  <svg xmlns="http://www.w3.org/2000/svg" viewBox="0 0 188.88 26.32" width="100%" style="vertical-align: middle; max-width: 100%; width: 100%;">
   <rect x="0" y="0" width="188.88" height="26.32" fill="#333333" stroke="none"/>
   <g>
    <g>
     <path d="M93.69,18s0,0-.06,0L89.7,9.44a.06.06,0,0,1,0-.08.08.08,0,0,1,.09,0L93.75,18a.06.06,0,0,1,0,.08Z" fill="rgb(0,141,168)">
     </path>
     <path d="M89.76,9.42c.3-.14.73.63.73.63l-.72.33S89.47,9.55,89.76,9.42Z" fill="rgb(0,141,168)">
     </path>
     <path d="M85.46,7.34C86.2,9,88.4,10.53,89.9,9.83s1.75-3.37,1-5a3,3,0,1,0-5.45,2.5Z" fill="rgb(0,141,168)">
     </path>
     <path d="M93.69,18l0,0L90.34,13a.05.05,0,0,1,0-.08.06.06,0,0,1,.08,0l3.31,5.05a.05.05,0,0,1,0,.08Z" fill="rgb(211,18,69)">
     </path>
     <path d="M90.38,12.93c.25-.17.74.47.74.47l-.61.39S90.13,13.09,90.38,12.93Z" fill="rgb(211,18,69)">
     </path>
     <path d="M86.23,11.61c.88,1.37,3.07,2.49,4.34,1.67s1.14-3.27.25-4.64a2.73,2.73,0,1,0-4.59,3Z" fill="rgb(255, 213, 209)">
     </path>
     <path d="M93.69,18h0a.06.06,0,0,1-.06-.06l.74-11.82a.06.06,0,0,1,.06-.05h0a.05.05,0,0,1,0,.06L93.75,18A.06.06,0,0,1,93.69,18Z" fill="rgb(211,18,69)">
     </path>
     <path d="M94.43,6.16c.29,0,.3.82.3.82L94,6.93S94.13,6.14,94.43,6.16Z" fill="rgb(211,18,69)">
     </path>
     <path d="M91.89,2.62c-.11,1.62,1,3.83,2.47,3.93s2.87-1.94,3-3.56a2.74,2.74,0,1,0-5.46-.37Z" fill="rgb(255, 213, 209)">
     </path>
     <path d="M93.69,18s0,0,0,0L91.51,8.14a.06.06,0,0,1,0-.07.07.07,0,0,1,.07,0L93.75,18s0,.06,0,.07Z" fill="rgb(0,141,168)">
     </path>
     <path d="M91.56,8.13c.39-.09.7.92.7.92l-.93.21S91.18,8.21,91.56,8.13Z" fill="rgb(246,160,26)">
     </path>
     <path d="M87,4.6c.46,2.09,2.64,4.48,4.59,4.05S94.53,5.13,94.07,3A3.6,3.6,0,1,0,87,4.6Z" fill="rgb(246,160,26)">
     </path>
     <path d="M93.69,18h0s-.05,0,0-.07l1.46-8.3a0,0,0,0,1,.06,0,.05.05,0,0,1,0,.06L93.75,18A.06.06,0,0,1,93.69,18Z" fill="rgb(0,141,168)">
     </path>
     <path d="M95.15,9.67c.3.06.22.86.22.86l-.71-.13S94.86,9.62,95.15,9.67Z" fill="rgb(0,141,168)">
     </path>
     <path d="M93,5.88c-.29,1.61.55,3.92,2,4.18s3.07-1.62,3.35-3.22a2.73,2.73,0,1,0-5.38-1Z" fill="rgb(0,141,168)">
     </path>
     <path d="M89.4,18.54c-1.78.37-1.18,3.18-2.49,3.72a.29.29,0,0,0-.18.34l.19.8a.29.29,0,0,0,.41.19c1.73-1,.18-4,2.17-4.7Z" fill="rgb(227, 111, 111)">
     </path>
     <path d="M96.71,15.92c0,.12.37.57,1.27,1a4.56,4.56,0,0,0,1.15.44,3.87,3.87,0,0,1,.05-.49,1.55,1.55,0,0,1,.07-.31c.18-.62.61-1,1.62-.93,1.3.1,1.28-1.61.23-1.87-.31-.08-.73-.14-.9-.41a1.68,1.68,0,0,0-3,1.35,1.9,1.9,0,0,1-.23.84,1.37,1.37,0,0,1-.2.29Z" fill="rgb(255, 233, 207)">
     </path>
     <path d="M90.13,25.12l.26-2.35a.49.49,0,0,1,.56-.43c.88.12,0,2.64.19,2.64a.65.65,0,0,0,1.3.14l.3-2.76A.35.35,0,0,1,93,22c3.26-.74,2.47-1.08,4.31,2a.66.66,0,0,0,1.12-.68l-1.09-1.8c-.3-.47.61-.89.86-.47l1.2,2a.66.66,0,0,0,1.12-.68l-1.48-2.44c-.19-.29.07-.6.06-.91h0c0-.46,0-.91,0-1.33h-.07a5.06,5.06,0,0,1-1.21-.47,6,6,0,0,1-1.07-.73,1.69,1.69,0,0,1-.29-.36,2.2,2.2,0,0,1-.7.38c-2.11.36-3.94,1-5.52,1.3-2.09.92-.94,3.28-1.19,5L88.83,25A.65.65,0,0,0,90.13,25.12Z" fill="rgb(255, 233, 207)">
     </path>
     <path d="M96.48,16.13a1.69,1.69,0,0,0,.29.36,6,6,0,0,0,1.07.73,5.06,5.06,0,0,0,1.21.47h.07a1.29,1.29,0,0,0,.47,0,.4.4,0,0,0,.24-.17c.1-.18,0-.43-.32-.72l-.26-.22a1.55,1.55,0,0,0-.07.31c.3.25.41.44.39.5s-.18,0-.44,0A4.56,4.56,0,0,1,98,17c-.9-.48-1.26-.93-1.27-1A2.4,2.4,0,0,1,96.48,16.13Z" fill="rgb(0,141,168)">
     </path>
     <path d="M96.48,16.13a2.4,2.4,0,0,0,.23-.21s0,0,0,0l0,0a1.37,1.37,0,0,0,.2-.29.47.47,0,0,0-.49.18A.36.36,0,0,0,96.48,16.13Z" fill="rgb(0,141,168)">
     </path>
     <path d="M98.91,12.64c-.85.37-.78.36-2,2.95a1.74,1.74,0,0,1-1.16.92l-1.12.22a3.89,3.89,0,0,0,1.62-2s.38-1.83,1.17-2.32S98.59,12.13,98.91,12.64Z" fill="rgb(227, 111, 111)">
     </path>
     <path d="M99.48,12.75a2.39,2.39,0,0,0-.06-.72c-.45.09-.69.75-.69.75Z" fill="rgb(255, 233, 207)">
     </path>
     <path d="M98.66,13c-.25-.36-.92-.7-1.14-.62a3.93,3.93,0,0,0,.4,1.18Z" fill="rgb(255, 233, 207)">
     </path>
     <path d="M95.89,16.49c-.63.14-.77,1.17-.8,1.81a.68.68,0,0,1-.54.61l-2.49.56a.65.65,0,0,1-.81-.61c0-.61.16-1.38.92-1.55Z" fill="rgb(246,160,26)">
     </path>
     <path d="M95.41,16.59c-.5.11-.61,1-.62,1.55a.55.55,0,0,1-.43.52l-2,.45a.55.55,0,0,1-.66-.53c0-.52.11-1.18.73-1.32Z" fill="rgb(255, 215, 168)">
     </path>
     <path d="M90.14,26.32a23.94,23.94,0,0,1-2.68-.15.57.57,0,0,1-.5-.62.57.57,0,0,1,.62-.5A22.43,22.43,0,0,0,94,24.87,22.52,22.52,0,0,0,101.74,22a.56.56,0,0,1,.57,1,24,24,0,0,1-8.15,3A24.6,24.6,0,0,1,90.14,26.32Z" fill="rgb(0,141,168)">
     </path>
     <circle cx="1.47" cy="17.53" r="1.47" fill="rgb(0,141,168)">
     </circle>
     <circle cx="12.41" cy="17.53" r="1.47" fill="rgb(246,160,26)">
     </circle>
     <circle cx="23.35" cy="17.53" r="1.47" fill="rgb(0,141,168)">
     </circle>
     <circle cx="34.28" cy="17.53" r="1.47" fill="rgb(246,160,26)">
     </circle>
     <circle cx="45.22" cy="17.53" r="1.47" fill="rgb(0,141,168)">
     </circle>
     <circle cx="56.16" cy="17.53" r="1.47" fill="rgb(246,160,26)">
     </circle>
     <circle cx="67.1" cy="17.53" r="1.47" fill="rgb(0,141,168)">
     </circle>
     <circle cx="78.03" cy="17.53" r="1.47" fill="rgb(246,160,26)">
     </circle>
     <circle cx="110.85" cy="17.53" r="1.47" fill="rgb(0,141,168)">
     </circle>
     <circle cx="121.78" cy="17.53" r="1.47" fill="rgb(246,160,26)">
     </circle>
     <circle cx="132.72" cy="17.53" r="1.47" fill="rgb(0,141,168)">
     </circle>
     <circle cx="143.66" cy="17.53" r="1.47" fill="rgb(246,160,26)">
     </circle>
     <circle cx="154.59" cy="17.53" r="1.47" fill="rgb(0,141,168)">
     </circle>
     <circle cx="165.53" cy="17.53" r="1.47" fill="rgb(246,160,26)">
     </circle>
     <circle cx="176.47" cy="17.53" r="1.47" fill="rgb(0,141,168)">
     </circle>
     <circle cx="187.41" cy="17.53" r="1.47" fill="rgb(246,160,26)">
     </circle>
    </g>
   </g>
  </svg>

..............................

## DIRECTIONS
Copy each line of the data that contains the word "width", leaving the other lines out.

## TASK RESULT
  <svg xmlns="http://www.w3.org/2000/svg" viewBox="0 0 188.88 26.32" width="100%" style="vertical-align: middle; max-width: 100%; width: 100%;">
   <rect x="0" y="0" width="188.88" height="26.32" fill="#333333" stroke="none"/>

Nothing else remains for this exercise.